American talk show (2011–2012)

Lifechangers is an American half-hour daytime talk show hosted by Drew Pinsky. It premiered on September 19, 2011, as part of The CW Daytime.

==Overview==
The show featured Drew Pinsky and a panel of experts including celebrities and doctors, helping ordinary people who are dealing with conflicts in their lives, which could include relationship or addiction issues.

==Development==
It was announced in April 2011 that The CW had ordered Lifechangers to series. The show aired on weekdays at 3:00 ET/2:00 CT on The CW stations as part of The CW Daytime block, replacing The Tyra Banks Show repeats which aired during the 2010–2011 television season. An original episode aired in the first half-hour and an encore telecast in the second one. It was announced on August 4, 2011 that Maria Menounos will have on-air duties on the show.

==Production==
Lifechangers was produced by Warner Bros.' Telepictures Productions.
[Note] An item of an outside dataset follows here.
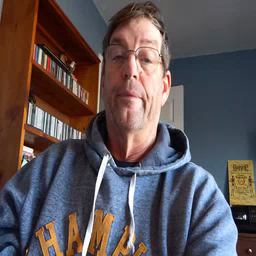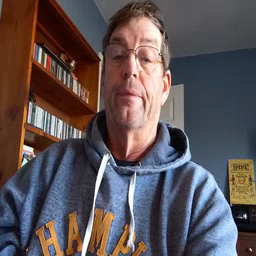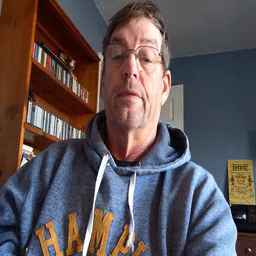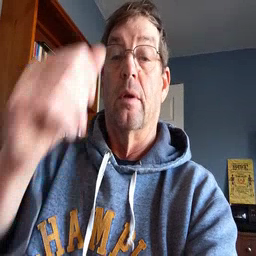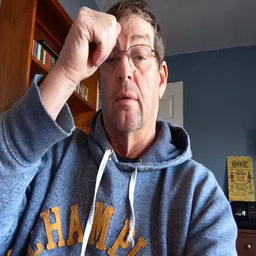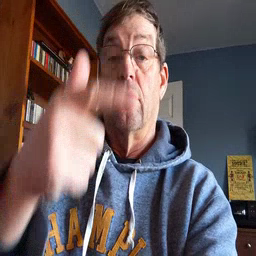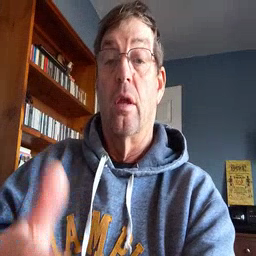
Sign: brother

Drew Pinsky served as executive producer alongside Lisa Gregorisch-Dempsey, who also created the series, and Howard Lapides. It was announced in March that former The Tyra Banks Show producer Rachel Miskowiec will co-produce.

==Cancellation==
The series was cancelled after one season in May 2012 and was replaced on September 17, 2012 by Tribune Broadcasting/ITV Studios's The Bill Cunningham Show.